Your answer should consist of the lines in the listing that hold "black".
--- START ---
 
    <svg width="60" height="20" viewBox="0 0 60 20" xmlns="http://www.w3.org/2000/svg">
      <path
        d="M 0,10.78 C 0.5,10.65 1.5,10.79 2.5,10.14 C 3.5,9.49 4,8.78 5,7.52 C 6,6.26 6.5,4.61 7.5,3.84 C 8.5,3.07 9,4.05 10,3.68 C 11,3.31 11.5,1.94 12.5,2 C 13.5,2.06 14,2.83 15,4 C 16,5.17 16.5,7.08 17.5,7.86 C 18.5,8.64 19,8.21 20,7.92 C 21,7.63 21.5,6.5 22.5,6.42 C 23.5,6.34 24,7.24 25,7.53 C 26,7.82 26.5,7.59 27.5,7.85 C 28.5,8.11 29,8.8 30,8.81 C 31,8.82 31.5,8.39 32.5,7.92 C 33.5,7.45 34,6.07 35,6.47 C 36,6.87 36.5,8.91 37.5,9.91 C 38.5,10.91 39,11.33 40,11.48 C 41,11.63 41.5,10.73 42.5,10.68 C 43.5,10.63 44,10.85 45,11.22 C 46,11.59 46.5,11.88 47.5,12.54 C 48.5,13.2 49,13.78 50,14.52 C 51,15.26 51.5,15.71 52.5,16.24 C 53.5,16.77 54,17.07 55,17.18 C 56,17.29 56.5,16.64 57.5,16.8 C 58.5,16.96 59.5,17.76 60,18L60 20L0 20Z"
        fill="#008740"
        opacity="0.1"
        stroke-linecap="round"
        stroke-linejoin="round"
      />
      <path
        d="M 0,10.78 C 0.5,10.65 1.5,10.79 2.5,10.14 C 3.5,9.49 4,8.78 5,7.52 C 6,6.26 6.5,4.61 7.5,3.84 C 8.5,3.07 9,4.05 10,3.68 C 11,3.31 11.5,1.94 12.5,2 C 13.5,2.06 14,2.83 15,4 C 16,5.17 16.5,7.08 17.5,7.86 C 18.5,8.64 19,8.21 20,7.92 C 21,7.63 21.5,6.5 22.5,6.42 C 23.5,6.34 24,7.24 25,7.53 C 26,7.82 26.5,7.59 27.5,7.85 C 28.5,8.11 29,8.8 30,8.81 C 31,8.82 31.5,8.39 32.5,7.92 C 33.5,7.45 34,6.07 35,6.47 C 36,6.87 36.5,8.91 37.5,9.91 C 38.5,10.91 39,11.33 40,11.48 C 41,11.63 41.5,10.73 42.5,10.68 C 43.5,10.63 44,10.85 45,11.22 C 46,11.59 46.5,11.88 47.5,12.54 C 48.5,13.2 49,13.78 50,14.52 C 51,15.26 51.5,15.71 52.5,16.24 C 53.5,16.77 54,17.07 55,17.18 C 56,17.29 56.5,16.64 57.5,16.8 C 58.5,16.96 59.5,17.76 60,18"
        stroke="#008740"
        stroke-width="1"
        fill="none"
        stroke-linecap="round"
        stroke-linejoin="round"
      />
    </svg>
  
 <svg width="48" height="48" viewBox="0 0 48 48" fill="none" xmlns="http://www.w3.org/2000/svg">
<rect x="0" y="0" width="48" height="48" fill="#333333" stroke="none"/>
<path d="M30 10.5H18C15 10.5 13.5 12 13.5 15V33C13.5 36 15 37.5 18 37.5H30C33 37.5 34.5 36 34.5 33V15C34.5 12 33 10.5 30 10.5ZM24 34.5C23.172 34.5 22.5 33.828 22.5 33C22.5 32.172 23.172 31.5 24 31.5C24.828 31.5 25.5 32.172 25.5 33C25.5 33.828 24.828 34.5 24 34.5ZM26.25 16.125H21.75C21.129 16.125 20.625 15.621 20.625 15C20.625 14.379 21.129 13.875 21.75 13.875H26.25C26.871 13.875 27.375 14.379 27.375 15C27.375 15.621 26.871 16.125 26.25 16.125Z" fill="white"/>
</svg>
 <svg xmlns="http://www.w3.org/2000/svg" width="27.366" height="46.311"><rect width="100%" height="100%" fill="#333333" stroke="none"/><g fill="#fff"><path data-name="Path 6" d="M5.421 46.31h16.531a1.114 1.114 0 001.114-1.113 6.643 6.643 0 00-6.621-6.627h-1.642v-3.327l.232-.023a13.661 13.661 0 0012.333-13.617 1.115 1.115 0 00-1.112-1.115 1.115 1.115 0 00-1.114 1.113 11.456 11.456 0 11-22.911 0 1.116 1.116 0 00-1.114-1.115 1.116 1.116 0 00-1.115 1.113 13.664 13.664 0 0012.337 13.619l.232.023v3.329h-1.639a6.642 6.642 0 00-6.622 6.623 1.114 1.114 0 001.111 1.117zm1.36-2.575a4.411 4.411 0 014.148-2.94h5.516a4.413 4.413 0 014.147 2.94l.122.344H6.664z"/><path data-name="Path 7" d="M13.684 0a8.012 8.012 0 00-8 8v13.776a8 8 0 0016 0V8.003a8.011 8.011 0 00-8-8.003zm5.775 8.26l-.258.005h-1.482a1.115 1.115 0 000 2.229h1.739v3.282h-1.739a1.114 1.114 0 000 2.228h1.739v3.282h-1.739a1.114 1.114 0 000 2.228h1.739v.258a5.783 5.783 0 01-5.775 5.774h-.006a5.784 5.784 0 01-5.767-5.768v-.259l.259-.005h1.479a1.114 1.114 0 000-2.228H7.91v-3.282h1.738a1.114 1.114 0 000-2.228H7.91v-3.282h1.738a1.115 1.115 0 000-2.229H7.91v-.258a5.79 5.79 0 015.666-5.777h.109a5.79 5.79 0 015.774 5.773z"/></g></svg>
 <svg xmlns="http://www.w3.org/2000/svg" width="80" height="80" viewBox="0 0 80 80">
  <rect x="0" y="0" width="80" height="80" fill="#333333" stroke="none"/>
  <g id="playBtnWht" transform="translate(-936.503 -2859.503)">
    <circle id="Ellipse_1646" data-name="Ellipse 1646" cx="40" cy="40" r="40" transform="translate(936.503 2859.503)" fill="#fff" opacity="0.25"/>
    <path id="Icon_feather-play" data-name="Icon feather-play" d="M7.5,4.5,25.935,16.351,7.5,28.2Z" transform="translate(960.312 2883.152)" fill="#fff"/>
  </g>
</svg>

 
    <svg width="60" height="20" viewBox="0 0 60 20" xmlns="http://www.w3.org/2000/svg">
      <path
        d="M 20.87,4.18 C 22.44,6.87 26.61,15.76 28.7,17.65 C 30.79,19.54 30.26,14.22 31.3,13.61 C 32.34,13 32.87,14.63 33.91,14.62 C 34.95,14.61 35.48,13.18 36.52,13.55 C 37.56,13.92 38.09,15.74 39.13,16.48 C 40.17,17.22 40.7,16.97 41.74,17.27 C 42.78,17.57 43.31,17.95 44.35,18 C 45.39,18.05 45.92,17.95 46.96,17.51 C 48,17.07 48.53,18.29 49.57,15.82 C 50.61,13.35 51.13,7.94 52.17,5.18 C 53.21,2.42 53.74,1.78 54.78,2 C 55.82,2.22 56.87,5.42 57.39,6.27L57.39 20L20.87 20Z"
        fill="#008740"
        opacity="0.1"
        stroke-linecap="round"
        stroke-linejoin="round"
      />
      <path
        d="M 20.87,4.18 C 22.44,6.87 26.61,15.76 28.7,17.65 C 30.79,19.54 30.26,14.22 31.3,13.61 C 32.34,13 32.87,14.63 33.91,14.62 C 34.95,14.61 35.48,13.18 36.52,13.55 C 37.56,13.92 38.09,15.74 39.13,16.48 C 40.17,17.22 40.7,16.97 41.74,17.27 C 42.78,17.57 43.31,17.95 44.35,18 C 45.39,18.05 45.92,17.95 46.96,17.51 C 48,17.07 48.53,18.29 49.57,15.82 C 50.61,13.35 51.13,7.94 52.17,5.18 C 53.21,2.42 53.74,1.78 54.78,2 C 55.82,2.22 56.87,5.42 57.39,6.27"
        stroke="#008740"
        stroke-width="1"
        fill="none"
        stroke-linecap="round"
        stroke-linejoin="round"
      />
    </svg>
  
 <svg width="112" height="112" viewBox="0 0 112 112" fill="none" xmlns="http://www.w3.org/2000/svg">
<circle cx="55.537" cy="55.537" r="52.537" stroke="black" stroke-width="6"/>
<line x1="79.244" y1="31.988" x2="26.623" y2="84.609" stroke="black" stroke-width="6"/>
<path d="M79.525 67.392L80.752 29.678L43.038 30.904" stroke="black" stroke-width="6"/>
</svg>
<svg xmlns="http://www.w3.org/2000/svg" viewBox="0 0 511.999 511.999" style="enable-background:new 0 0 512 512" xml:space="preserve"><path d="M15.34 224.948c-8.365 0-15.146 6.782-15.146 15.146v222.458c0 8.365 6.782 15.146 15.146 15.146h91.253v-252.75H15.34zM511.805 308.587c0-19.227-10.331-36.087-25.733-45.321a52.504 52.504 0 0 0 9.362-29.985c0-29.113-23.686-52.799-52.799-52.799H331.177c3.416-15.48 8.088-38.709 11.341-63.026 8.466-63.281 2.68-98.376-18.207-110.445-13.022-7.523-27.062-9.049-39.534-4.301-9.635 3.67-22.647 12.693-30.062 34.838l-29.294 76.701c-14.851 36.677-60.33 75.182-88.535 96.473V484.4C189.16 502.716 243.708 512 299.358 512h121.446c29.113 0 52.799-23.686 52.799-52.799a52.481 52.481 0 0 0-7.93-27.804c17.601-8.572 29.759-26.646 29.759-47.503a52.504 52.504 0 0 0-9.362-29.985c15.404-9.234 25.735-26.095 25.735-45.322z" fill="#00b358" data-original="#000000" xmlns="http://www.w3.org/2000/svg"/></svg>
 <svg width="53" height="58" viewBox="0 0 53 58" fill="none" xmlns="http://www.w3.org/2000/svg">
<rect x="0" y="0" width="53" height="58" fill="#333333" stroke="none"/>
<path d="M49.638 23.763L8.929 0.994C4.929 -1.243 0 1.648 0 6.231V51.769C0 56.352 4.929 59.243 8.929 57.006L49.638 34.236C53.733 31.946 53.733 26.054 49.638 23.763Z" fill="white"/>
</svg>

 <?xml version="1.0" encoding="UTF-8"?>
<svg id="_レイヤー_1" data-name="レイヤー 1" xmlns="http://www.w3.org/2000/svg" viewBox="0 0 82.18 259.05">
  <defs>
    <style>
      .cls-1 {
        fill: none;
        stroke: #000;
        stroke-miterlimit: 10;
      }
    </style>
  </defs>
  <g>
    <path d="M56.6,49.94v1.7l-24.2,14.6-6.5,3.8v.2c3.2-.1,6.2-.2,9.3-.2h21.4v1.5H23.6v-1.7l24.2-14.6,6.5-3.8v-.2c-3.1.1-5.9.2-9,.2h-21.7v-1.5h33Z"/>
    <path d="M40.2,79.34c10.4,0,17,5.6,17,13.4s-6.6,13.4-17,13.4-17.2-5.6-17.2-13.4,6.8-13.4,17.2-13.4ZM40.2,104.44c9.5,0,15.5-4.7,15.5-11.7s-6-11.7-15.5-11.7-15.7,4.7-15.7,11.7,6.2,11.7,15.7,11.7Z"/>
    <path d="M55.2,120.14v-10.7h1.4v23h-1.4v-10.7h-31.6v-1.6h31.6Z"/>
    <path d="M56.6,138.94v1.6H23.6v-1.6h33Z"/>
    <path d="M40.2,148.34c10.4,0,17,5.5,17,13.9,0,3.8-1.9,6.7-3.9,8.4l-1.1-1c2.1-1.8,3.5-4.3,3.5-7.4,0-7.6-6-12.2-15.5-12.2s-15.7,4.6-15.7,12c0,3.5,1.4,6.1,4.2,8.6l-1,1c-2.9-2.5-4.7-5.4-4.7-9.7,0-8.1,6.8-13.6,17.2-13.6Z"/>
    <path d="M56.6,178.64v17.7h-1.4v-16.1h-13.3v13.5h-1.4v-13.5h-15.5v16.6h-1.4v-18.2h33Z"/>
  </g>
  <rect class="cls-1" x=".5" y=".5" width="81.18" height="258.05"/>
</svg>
--- END ---
## RESULT OF THIS TASK
<circle cx="55.537" cy="55.537" r="52.537" stroke="black" stroke-width="6"/>
<line x1="79.244" y1="31.988" x2="26.623" y2="84.609" stroke="black" stroke-width="6"/>
<path d="M79.525 67.392L80.752 29.678L43.038 30.904" stroke="black" stroke-width="6"/>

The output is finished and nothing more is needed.